The Sedum rubrotinctum ‘Aurora’ is commonly called Pink Jelly Bean. Indeed a long-time soft sedum favorite. Of course, for its round, fleshy leaves that spiral up its stem. Additionally, it varies from pale green to pink and cream. As a bonus, bright pigments appear in bright sunlight. Undoubtedly, it makes a perfect colorful accent in arrangements. Finally, in summer, Sedum Rubrotinctum ‘Aurora” produces clusters of lemon yellow flowers.
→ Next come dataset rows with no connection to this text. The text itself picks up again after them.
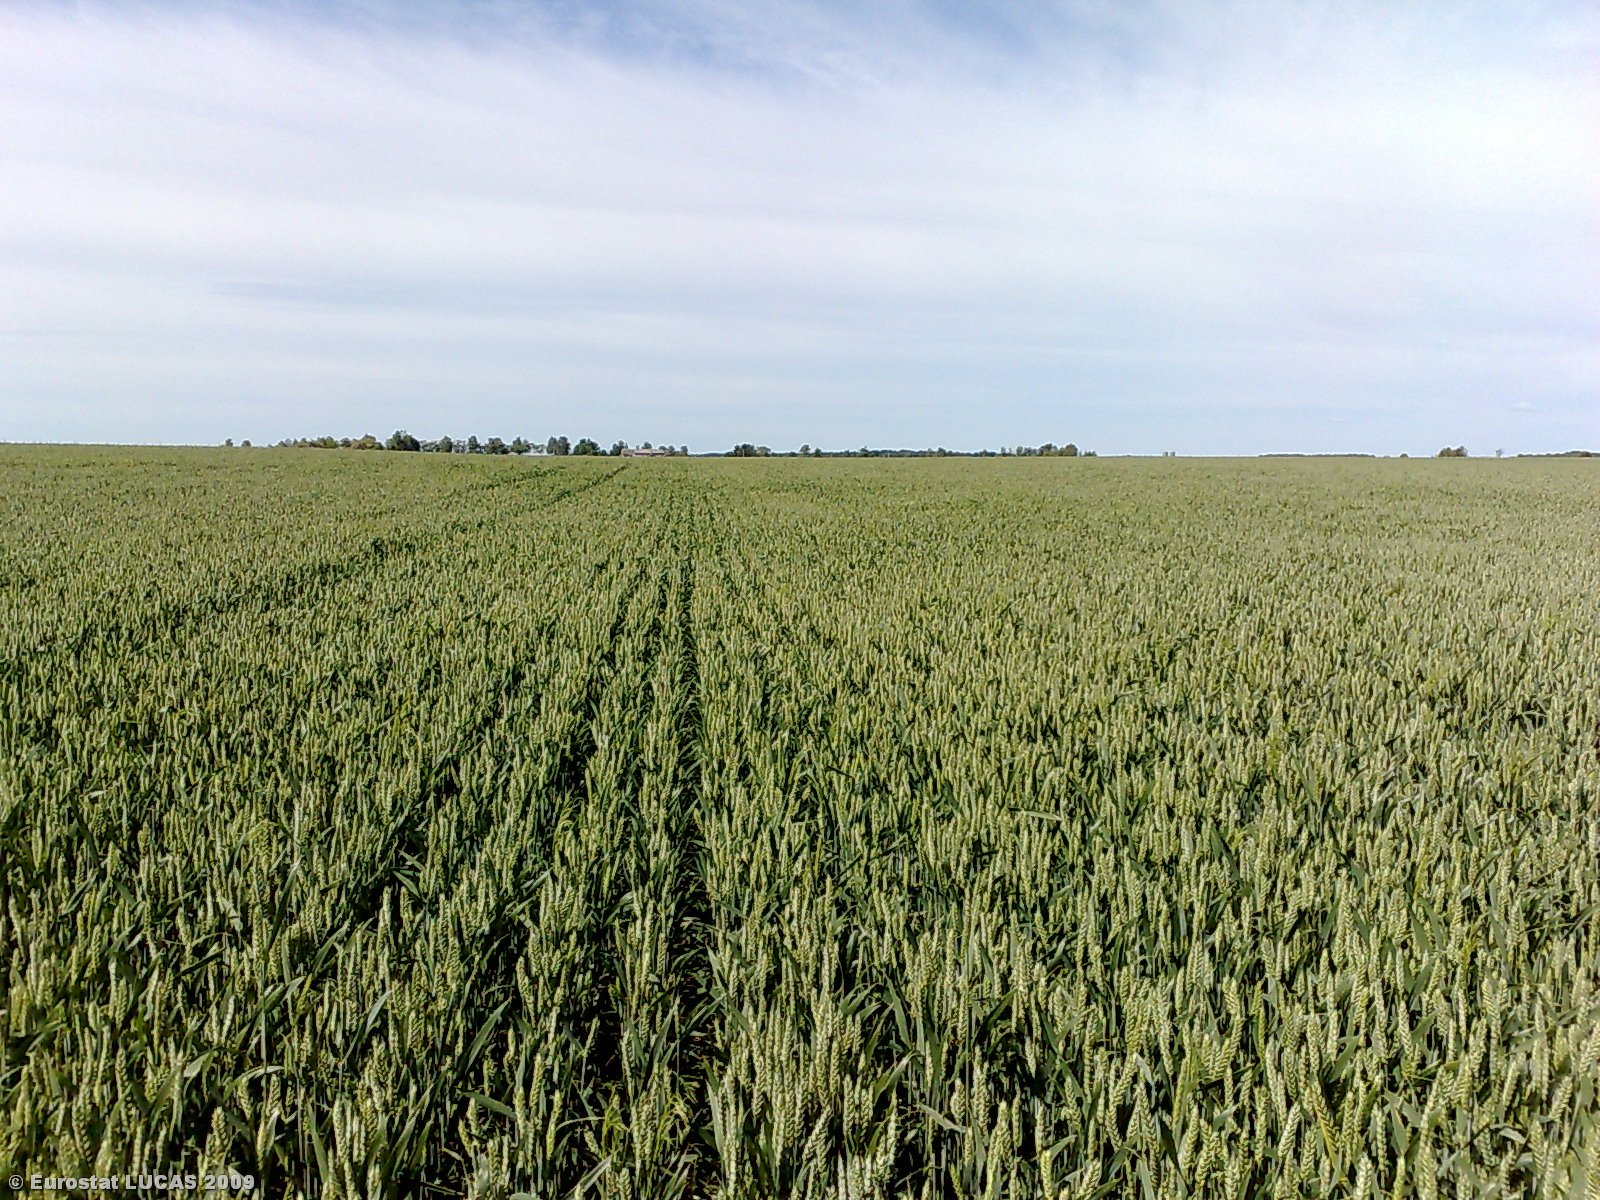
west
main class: Cropland
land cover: Common wheat
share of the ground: > 75 %
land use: Agriculture (excluding fallow land and kitchen gardens)
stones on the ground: < 10 %
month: June
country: LT
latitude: 55.8536
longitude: 24.0015

Buy it: PINK JELLY BEAN SEDUM
The Sedum Sieboldii is also known as October Daphne. Uniquely it grows mound-like. Then, it spreads out in horizontal branches from the center. Furthermore, leaves have a blue-green hue. In addition to its pink margins. Also, during the hot summer months, the margins intensify to deep pink.
Equally important are its bright purple-pink flowers. In fact, star-shaped blooms appear in early fall. Of course in the right conditions, its fall foliage turns beautiful shades. For example pink, red, yellow, and orange. As a matter of fact, frosty temperatures also bring out pink in the leaves. Undoubtedly, Sedum Sieboldii is a stunning trailing succulent.
Buy it: Sedum Sieboldii Succulent
Dragon’s Blood typically has green leaves. However, margins turn a brilliant red with cool autumn temperatures. Additionally, deep red flowers contrast with the green leaves in warm weather. Especially superb as a groundcover, border or rock garden subject. Also, it works well in containers. Definitely evergreen, except in the coldest climates.
Buy it: Sedum- Dragon’s Blood
The Senecio herreianus is also known as String of watermelons. Additionally, String of Beads, or String of Tears. Indeed, a mat forming succulent. With oval, pointed, bead-like leaves. Of course, it is similar to the more common Senecio rowleyanus. In fact, with many of the same common names. However, leaves are larger, more elongate, and more glaucous. Furthermore, stems are thicker, stiffer, and somewhat more erect.
The Senecio ‘Hippogriff’ is often labeled Senecio peregrinus or Dendrophorbium peregrinum. Additionally, commonly called String of Dolphins. In fact, a hybrid of the String of Pearls and the Candle Plant (Senecio articulatus). Similarly, you’ll also notice a resemblance to the string of fish hooks and the string of bananas.
Without a doubt, leaves look like tiny, little dolphins jumping. Furthermore, it can send up bloom stalks. Especially, with pompom-like clusters of tiny white flowers.
Trailing Jade is actually not a Jade plant at all. In fact, its botanical name is Senecio jacobsenii. Prounounced Sen-NEE-see-oh jay-kob-sen-ee-eye. Additionaly, known as Weeping Jade or Kleinia petraea. Also, native to the highlands of Tanzania and Kenya. Likewise, it creeps along as a ground cover. Similarly, in cultivation, it shines in hanging pots. Of course, allowing its thick stems to form a dense cascades. In fact, some up to 4 feet (1.2 meters) long.
Buy it: Senecio jacobsenii
String of Bananas is a trailing succulent. Also, native to South Africa. In fact, a great trailing addition in arrangements & hanging baskets. Additionally, long stems are lined with banana-shaped leaves. Each of which has a translucent crescent or “leaf window”. As a result, this lets sunlight into the leaf interior.
Furthermore, it usually blooms between October and December. Not only are flowers pompom-like clusters tiny and white, but they also smell like cinnamon.
Buy it: String of Bananas
String of Fishhooks is a trailing succulent. Of course, this South African native is easy to care for. Indeed, a member of the Senecio family. Additionally, it has cute fish hook-like leaves.
Undoubtedly, confused with String of Bananas. In particular, because they both share the same botanical name. Also, a perfect plant in a hanging basket, windowsill, or shelf.
The Xerosicyos Danguyi is known as String of Coins. Certainly, because the leaves are coin-shaped. Definitely the perfect ‘spiller’ in an arrangement. Indeed, as they cascade over the sides of a pot. Furthermore, String of Coins thrive in bright, indirect light.
In closing, we hope you enjoyed these trailing or hanging succulents. Absolutely some of our favorite succulents around. Of course, leave any variety we may have missed in the comments. Furthermore, we hope you join us again soon.